The happiness and contentment would, however, be short-lived since a few years later, along with hundreds of other retirees of the Kenya Railways, Mr Wa Njuki started experiencing inconsistencies in the payment of pension.

“It came a time when we were getting money through the window in the cash office. We would queue for hours only to be told there was no money and the officers would end up giving us Sh20 or Sh50 for bus fare,” Mr Wa Njuki, now in his 80s, says.

He recalls scenes of pensioners collapsing and dying in the long queues around 2004.

At that time, the KRC was experiencing serious operational issues, was technically insolvent and had failed in its financial obligations.

Kenya Railways Staff Retirement Benefit Scheme

From left Kenya Railways Staff Retirement Benefit Scheme chairman Johnson Miano with members Isaac Amuma and John Kivunga wa Njuki during an interview at Nation Centre on November 17, 2020. 

Photo credit: Kanyiri Wahito | Nation Media Group

At that time, Mr Isaac Amuma, 80, who had also served the corporation between 1969 and 1994, was undergoing a similar ordeal.

After many journeys from Nyanza to Nairobi for his hard-earned cash, he had come to realise one thing.

“The government is a bad debtor. It does not pay what is required of it consistently and in good time. We fear that most of us will probably will go to the other side of the world without getting our real value,” Mr Amuma says.

“In fact, we were moved to a scheme because the railways, who were paying us pension, were unable to pay. So, some people would not get their cash after queuing, some died on the queue and as you reached the window to get your money, you would be told that the money was no longer there,” he told the Nation.

By 2006, the KRC had accepted the bitter reality that it would no longer be able to pay its pensioners.

Settle debts

So the parastatal approached the government seeking a bailout.

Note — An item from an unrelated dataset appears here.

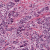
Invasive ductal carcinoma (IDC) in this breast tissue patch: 1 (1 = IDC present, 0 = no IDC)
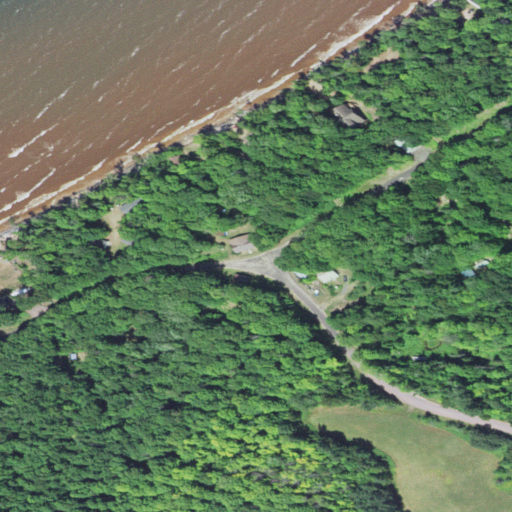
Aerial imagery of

The government turned down its request and asked it to sell some of its properties to settle the debts.

Come October 31, 2006, the corporation’s management, after failing to secure a bailout from the government, resorted to relieving all its employees of their duties, created the Kenya Railways Staff Retirement Benefits Scheme and transferred them to it.

The scheme started with 12,000 members and to the people who were already part of the corporation’s retirees, it came as a fresh breath of air in a messy sector.

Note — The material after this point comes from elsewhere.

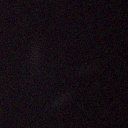
Screen state: off
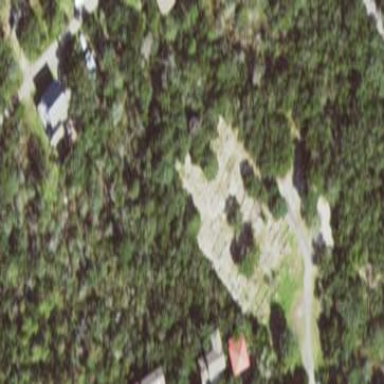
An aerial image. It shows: Cemetery.

“But given the rate at which pensioners are dying of old age, in the next five years or so we shall be perhaps 6,000 or thereabouts,” says Mr Johnson Miano, the chairman of the Kenya Railways retirees.

Mr Miano says 4,000 pensioners have already died since 2006, when the scheme was formed, most of them before being paid by the scheme.

The problem with the scheme is that it cannot generate enough revenue to sustain monthly payments to pensioners.

As a result, they have to wait for months to be paid, burdening their families with needs that come with old age.

They are bitter with the government for neglecting them in their time of need, yet they spent their productive days serving the country.

“The worst thing for a pensioner is to rely on his or her children for survival as they too have their own responsibilities. They are grown-ups, married with children to take to school and transferring your problems to them is both unfair and very painful,” says Mr Amuma.

Verge of collapse

In September, the pensioners petitioned the Senate, citing mismanagement, non-payment of their dues and issues to do with disposal of the scheme’s property in order to pay them.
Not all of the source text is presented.